George Washington Rappleyea (July 4, 1894 – August 29, 1966) was an American metallurgical engineer and the manager of the Cumberland Coal and Iron Company in Dayton, Tennessee. He held this position in the summer of 1925 when he became the chief architect of the Scopes trial. During a meeting at Robinson's Drug Store, it was Rappleyea who convinced a group of Dayton businessmen to sponsor a test case of the Butler Act, which prohibited the teaching of evolution in the state's schools. Rappleyea convinced John T. Scopes to be the defendant in the famous "Monkey" Trial.

George Washington Rappleyea was noted for his part in the Scopes Evolution Trial, his work as a Vice President of the Higgins Boat Company, which made landing craft for use in WWII, his scientific patents, and his part in weapons procurement for a raid on Cuba.

The name is often spelled "Rappalyea" but the spelling "Rappleyea" is what appears in L. Sprague de Camp's book The Great Monkey Trial and the author interviewed Rappleyea before his death.

==Early life==
He was born on July 4, 1894, in New York City to George M. Rappleyea and Marian Rogers. His family was descended from the earliest Dutch settlers in what became New York State. His father was an assistant manager of various hotels between Times Square and Herald Square in New York City.

As a boy, he lived in New York City and sold newspapers at Times Square. At the age of 8, he was taking art lessons from Charles Wright, the art editor of the magazine section of the New York Sunday Herald.
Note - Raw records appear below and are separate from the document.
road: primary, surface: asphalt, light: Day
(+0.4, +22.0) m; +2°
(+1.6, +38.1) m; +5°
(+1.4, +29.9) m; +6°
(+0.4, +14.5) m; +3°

His father bought a hotel in Newburgh, New York, on the Hudson River about 50 miles (80 km) from New York City. At the age of 12, George took art lessons at Newburgh from Sid Turner of the Newburgh Daily News. Late in his life he claimed these art lessons helped him with some of his inventions.

In 1912 at the age of 18, he graduated from Ohio Northern College in Ada, Ohio, with a degree in civil engineering. He was a private in the army signal corps program while at college.
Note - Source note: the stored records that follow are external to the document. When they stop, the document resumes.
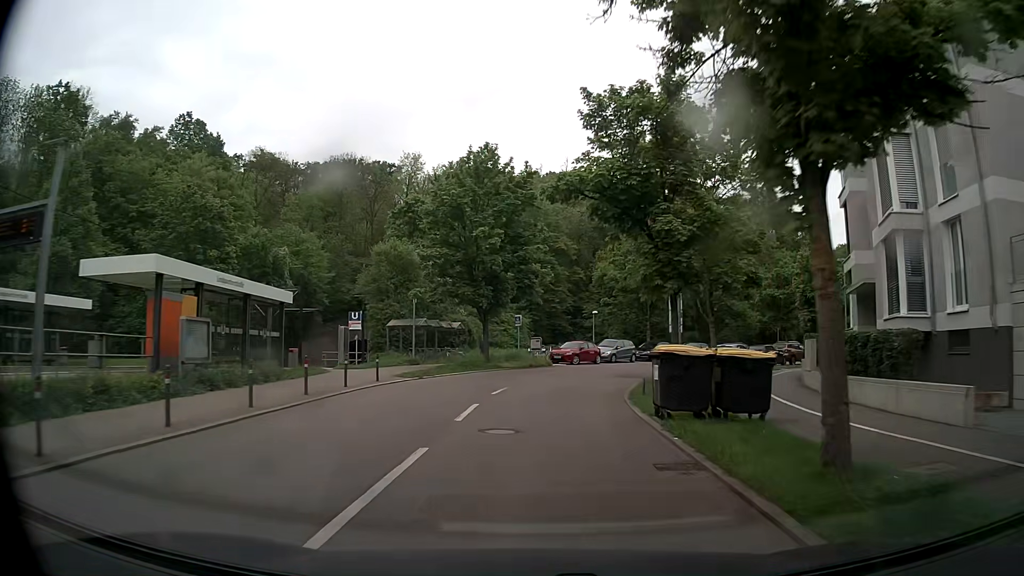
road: secondary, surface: asphalt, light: Day
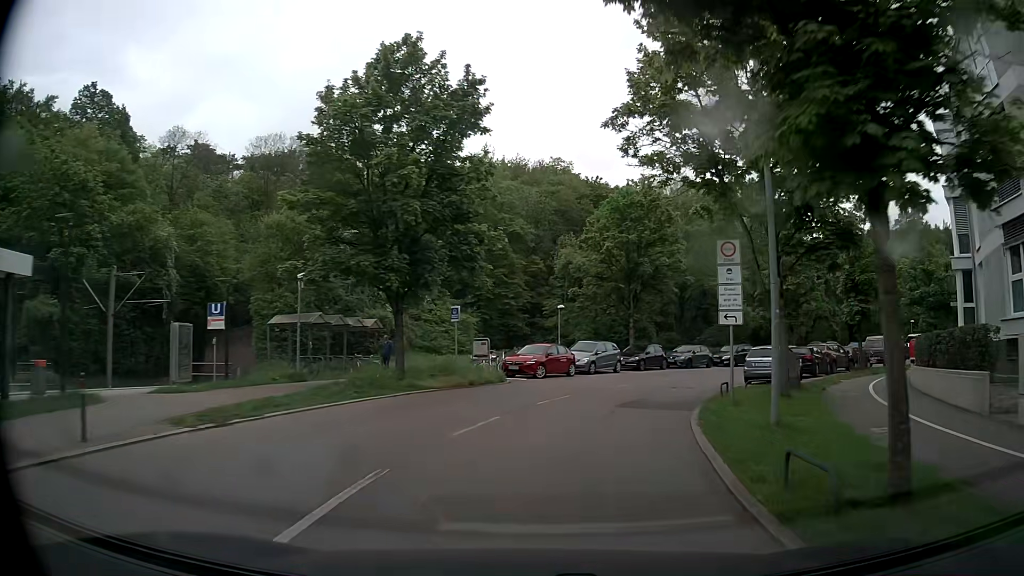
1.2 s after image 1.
(+0.2, +13.3) m; +4°
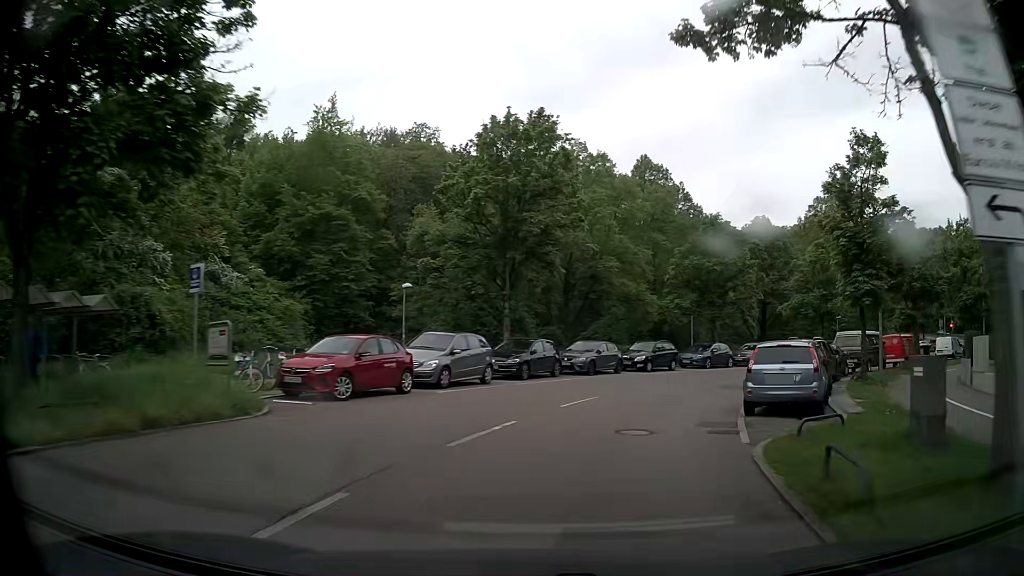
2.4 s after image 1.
(+1.1, +13.2) m; +10°
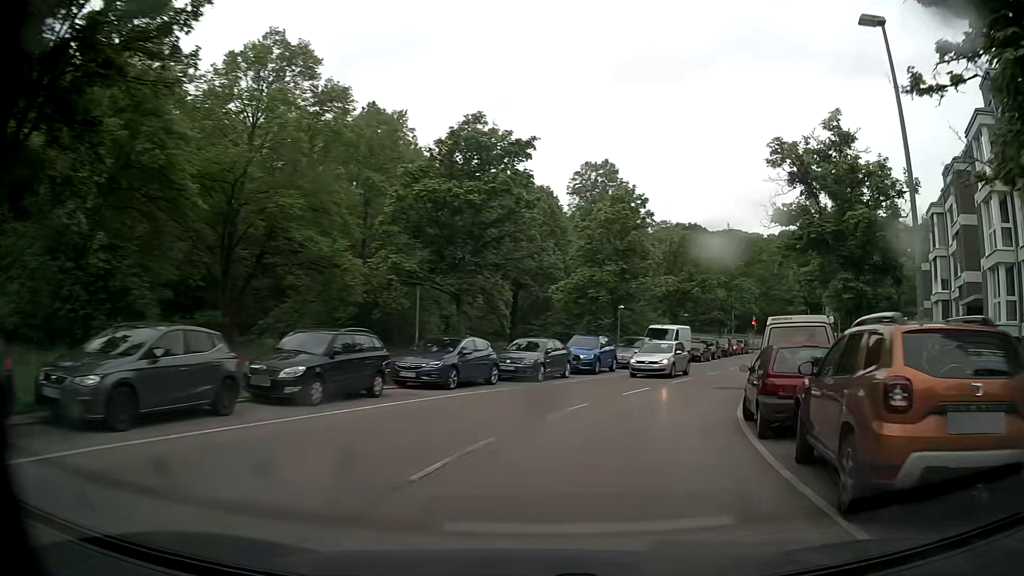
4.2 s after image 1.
(+3.8, +19.2) m; +25°
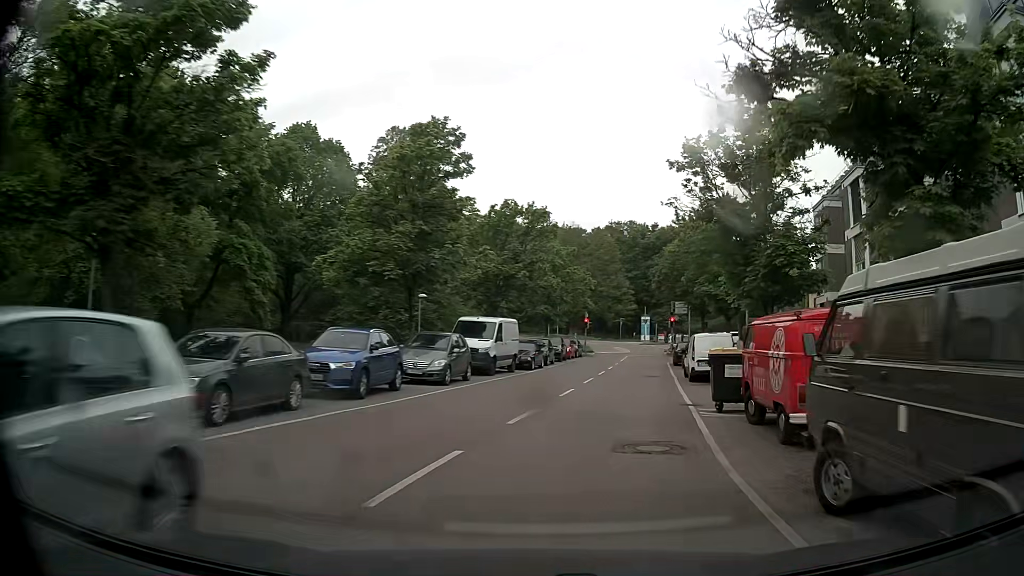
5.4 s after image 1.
(+1.7, +12.6) m; +16°
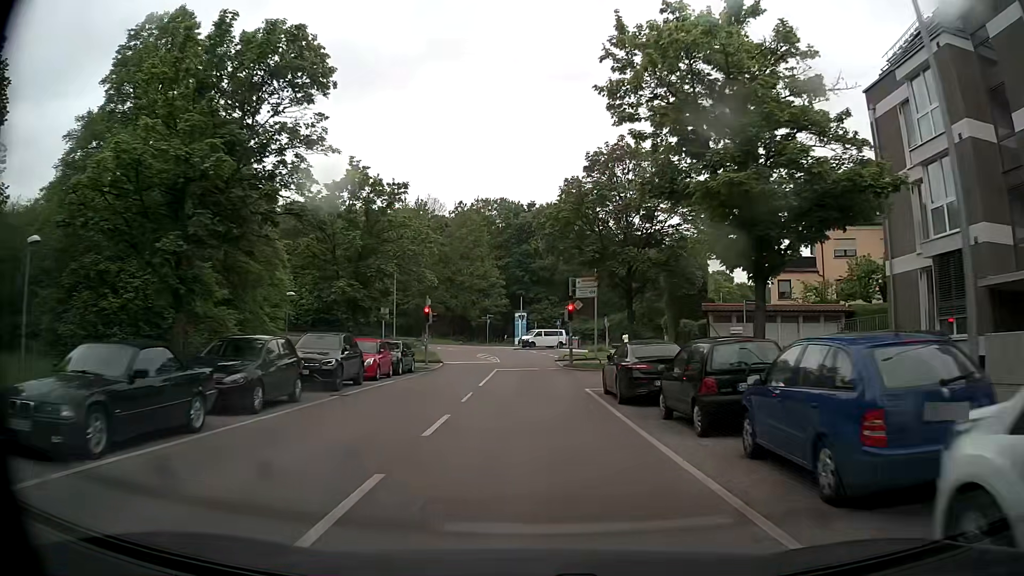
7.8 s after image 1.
(+3.3, +25.5) m; +10°
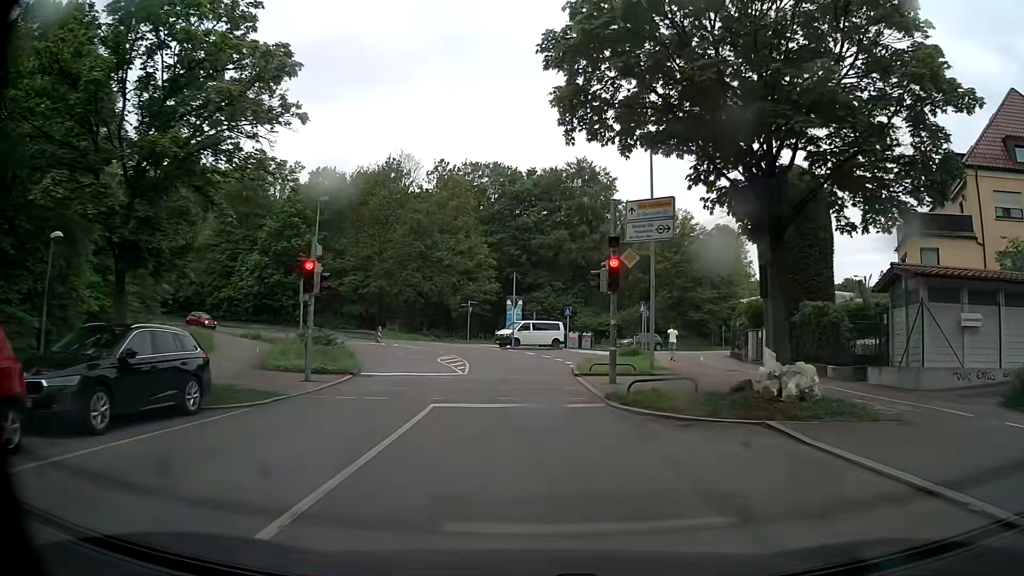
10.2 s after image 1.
(+0.3, +20.3) m; 0°
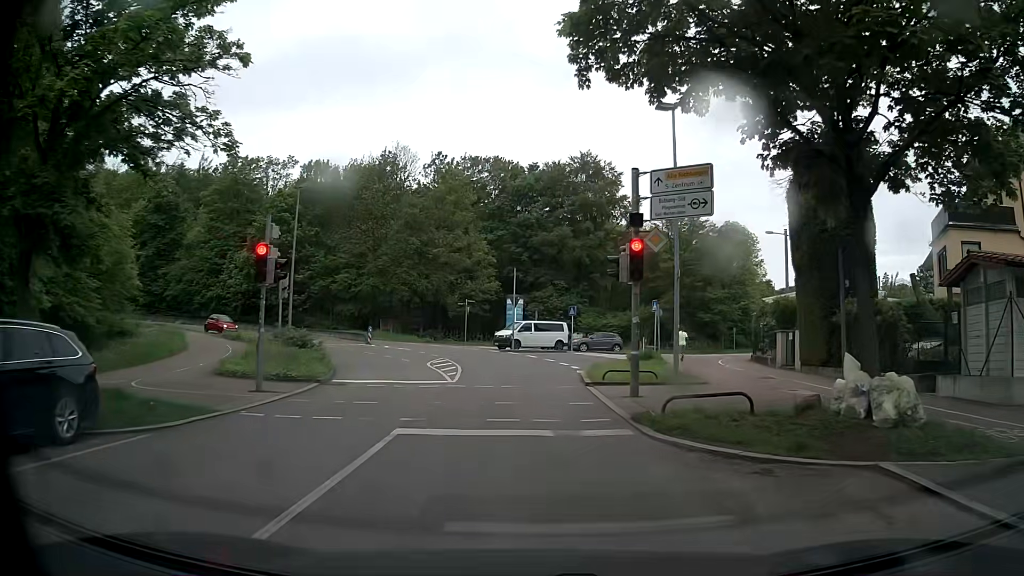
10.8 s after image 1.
(0.0, +3.4) m; +1°
(0, +10) (0, +20) (-1, +30) (-4, +40) (-8, +48) (-15, +56) (-24, +61) (-33, +64) (-43, +65) (-53, +64) m

Rappleyea was a Second Lieutenant in the Army Corps of Engineers during World War I.

==Scopes Trial==

In 1922, he took a job as Superintendent of the Cumberland Coal and Iron Company and moved from New York to Dayton, Tennessee. The company was having financial problems. He met a nurse named Ova Corvin there after going to the hospital for a snake bite and later married her.

In early 1925, the Tennessee Legislature passed the Butler Act forbidding the teaching of the theory of evolution in public schools. On May 4, 1925, an article in the Chattanooga Times reported that the American Civil Liberties Union (ACLU) was interested in challenging the law. Rappleyea read the article and became interested in the idea of taking up the challenge.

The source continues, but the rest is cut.